Intrauterine growth restriction (IUGR)

UGR describes a group of babies who are too small in proportion to their gestational age.



  • Intrauterine growth restriction (IUGR) or foetal growth restriction (FGR) is a term used to designate a foetus that has not reached its growth potential.
  • IUGR or FGR describes a group of unborn babies (foetuses) who are too small in proportion to their gestational age. IUGR usually results in the birth of an infant who is small for its gestational age (SGA).
  • A SGA baby is an infant whose weight at birth is less than expected for its gestational age, whether preterm, term or post-term.
  • SGA infants are associated with more complications and risks compared to those who are appropriate for gestational age (AGA).
  • A SGA baby may be genetically small but healthy, or it may be an IUGR baby, also being small but sick because its growth inside the uterus is restricted by specific conditions.
  • IUGR babies, in spite of their small size, have physical characteristics similar to those of normal-sized infants of the same gestational age.
  • IUGR is associated with increased complications during pregnancy and delivery, but the outcome is generally good.

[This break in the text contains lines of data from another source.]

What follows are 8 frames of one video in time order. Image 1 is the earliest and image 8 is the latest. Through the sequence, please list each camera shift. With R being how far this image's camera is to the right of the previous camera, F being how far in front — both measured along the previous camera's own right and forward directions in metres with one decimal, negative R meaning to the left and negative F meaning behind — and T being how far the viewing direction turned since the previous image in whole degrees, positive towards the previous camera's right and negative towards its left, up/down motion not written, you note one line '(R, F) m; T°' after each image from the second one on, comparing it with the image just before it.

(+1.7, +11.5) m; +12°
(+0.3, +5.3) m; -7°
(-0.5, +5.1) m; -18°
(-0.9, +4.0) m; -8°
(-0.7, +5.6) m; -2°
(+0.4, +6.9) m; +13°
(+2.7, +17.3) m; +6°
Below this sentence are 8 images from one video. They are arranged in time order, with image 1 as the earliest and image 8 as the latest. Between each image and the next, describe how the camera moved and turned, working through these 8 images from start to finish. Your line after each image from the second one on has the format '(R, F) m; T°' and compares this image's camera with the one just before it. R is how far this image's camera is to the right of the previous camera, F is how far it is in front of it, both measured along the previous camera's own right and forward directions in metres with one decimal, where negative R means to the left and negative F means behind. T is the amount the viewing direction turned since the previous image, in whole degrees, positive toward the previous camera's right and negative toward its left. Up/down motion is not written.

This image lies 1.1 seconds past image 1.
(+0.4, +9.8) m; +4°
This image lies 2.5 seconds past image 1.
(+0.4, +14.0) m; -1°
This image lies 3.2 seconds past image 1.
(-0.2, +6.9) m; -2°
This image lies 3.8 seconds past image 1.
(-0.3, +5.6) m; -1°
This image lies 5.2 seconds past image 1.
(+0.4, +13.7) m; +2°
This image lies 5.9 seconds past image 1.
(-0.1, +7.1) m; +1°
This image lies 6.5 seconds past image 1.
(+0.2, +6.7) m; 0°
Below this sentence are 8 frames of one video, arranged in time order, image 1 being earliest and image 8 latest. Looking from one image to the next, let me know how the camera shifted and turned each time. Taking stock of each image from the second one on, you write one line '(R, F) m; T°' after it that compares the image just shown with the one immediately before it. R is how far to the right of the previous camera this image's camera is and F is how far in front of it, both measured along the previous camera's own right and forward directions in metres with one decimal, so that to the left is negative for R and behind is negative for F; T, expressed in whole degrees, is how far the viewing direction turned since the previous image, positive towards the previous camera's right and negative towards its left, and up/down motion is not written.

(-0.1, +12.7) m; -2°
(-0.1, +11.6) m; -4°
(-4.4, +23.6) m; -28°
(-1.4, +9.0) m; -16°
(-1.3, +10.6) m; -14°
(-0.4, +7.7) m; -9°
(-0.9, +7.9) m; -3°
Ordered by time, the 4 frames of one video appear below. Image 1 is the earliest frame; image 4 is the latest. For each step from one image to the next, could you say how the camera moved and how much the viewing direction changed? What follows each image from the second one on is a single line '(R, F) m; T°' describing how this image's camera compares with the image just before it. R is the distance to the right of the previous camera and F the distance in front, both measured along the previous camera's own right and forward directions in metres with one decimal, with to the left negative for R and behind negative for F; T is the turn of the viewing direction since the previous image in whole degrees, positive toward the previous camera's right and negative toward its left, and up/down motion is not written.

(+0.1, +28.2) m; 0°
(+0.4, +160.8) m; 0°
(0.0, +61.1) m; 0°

What is intrauterine growth restriction (IUGR)?

Intrauterine growth restriction (IUGR) or foetal growth restriction (FGR) is the terminology used to describe a group of foetuses (unborn babies) who do not reach their growth potential, who are therefore too small in proportion to their gestational age. This means that their foetal growth rate, the pace at which they grow, is too slow. In contrast the term small for gestational age (SGA) is a descriptive term, which implies that, the foetal size and hence the weight at birth is less than expected, regardless of the cause. In other words, IUGR or FGR refers to the growth rate of the unborn foetus, while SGA refers to the physical size, the birth weight of the infant, irrespective of the of the growth rate.

It is important to realize that these definitions require two very important factors, firstly an appropriate reference table (which means an acceptable growth chart to monitor the foetus/infant) and secondly an accurate gestational age.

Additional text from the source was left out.